I am writing a type which should support an arithmetic operator via both Op
and OpAssign
. Let's take +
and +=
as a concrete example.
My natural instincts make me want to ensure that all the following cases work:
a + b;
&a + b;
a + &b;
&a + &b;
a += b;
a += &b
Moving the LHS of +=
makes no sense, so there are only 2 (rather than 4) cases
for +=
and the borrow is implicit on the LHS.
It's pretty clear to me how to implement support for any single one of these
cases in isolation, but I have 2 major problems in the big picture:
-
The borrow and move overloads seem to interfere with each other in ways that
I don't fully understand. -
I find myself unable to reuse the logic in some of the cases.
For the sake of illustration, let's take the concrete example of a 2-dimensional
vector. In C++ the whole lot can be implemented with something along the lines of
class Vec2D {
public:
Foo(float x, float y): x(x), y(y) {}
Foo& operator+=(const Foo& other) {
this->x += other.x;
this->y += other.y;
return *this;
}
friend Vec2D operator+(Vec2D lhs, const Foo& rhs) {
lhs += rhs; // reuse operator+= defined above
return lhs;
}
private:
float x;
float y;
};
Points to note:
- All 6 variants listed at the top of the question are covered by this implementation.

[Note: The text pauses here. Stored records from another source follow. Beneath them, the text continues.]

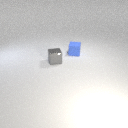
small blue rubber cube to the right of small gray metal cube
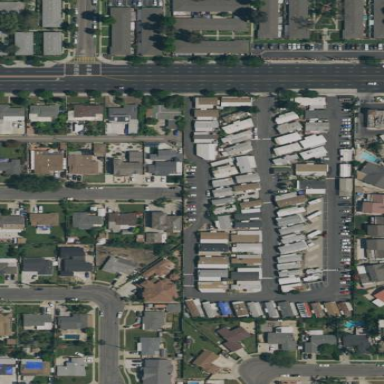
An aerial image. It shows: Residential area known as trailer park.
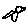
Label: bird
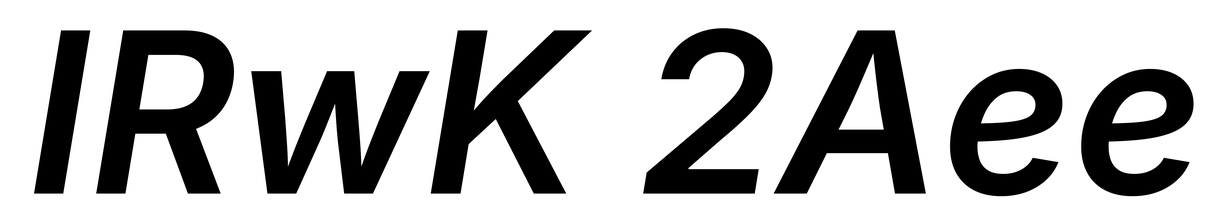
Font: Inter-Italic_SemiBold_Italic
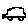
Label: car
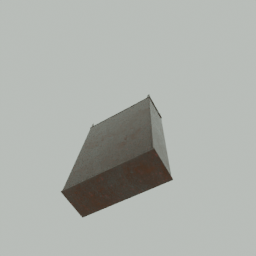
Label: furniture
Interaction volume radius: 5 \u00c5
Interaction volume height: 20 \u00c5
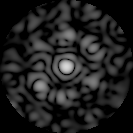
Disorder parameter: 0.6768
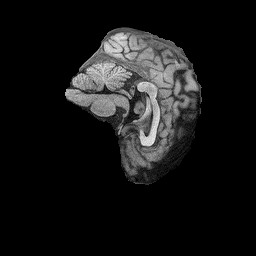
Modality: T1w
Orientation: sagittal
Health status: ill
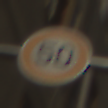
Verkehrszeichen: Geschwindigkeit50
Umgebung: Outdoor, Urban
Tageszeit: Midday
Wetter: Clear
Licht: Natural
Jahreszeit: NotSpecified
Kontrast: HighContrast
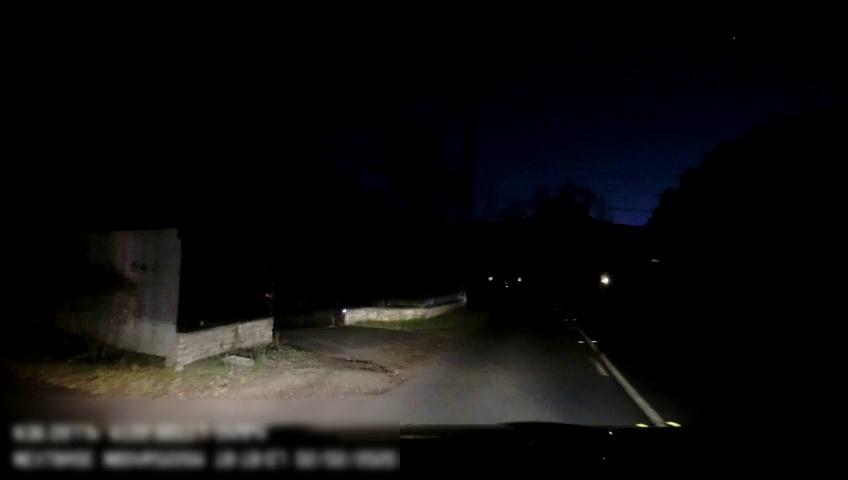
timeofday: Night
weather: Other
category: Drivable Space
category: Lanes | Current Lane
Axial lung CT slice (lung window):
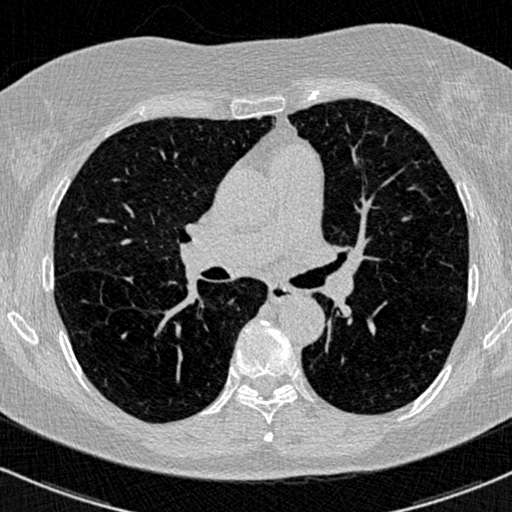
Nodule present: no
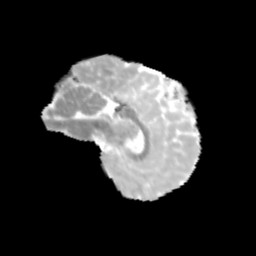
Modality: MD
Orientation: sagittal
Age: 13
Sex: male
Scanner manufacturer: siemens
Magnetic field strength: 3 T
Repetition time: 3.8 s
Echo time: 0.07 s
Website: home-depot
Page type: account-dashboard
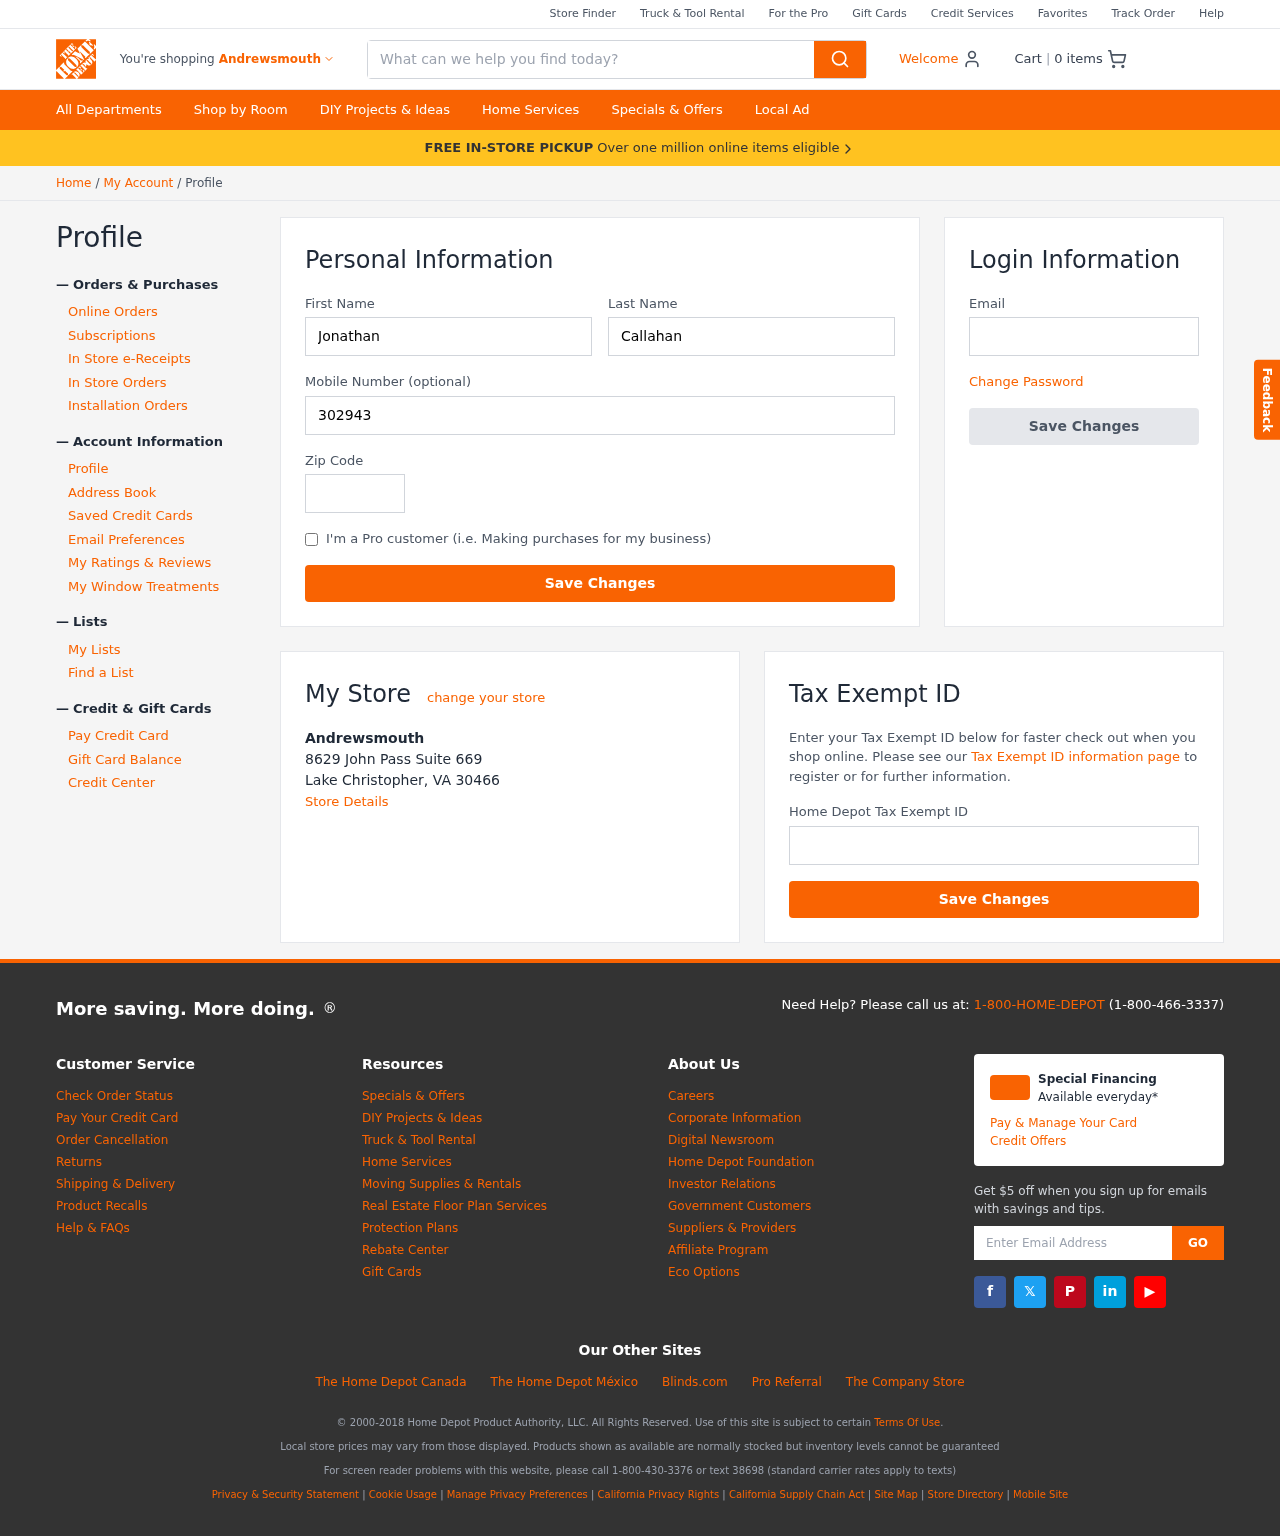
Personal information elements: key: PII_CITY
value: Andrewsmouth
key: PII_EMAIL
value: jonathancallahan@yahoo.com
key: PII_FIRSTNAME
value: Jonathan
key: PII_LASTNAME
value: Callahan
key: PII_LOCATION1_CITY_STATE_ZIP
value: Lake Christopher, VA 30466
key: PII_LOCATION1_NAME
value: Andrewsmouth
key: PII_LOCATION1_STREET
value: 8629 John Pass Suite 669
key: PII_PHONE
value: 3029439402
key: PII_POSTCODE
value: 61562
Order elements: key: ORDER_NUM_ITEMS
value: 0
Search elements: key: HEADER_SEARCH
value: What can we help you find today?
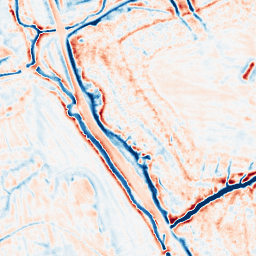
Category: edge_preserving
Decomposition family: bilateral
Decomposition parameters: d: 15
sigma_color: 75
sigma_space: 100
Upsampling method: cubic_mitchell
Upsampling parameters: scale: 4
Upsampling scale: 4
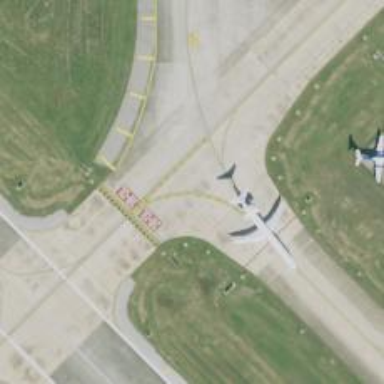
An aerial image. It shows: View of taxiway at the airport.

- Only 2 functions need be defined to cover all the cases.
- The core logic is implemented in only one of these functions and is reused in the other.
The Rust equivalent:
use std::ops;
#[derive(Debug, Clone, PartialEq)]
pub struct Vec2D {
x: f32,
y: f32,
}
impl Vec2D {
fn new(x: f32, y: f32) -> Self { Vec2D{x, y} }
}
impl ops::Add for Vec2D {
type Output = Self;
fn add(self, other: Self) -> Self {
let mut res = self.clone();
res += other;
res
}
}
impl ops::AddAssign for Vec2D {
fn add_assign(&mut self, other: Self) {
self.x += other.x;
self.y += other.y;
}
}
gets me as far as passing these two tests
#[test]
fn add_move_both() {
let a = Vec2D::new(2.0, 3.0);
let b = Vec2D::new(4.0, 5.0);
assert_eq!(a + b, Vec2D::new(6.0, 8.0));
}
#[test]
fn add_assign_move_rhs() {
let mut a = Vec2D::new(2.0, 3.0);
let b = Vec2D::new(4.0, 5.0);
a += b;
assert_eq!(a, Vec2D::new(6.0, 8.0));
}
which cover only 2 of the 6 cases listed at the top of this question.
Trying to cater for the four remaining cases (those involving borrowing the
operands) leads to the conflicts and code duplication in mentioned above.
How should these operators be implemented in Rust?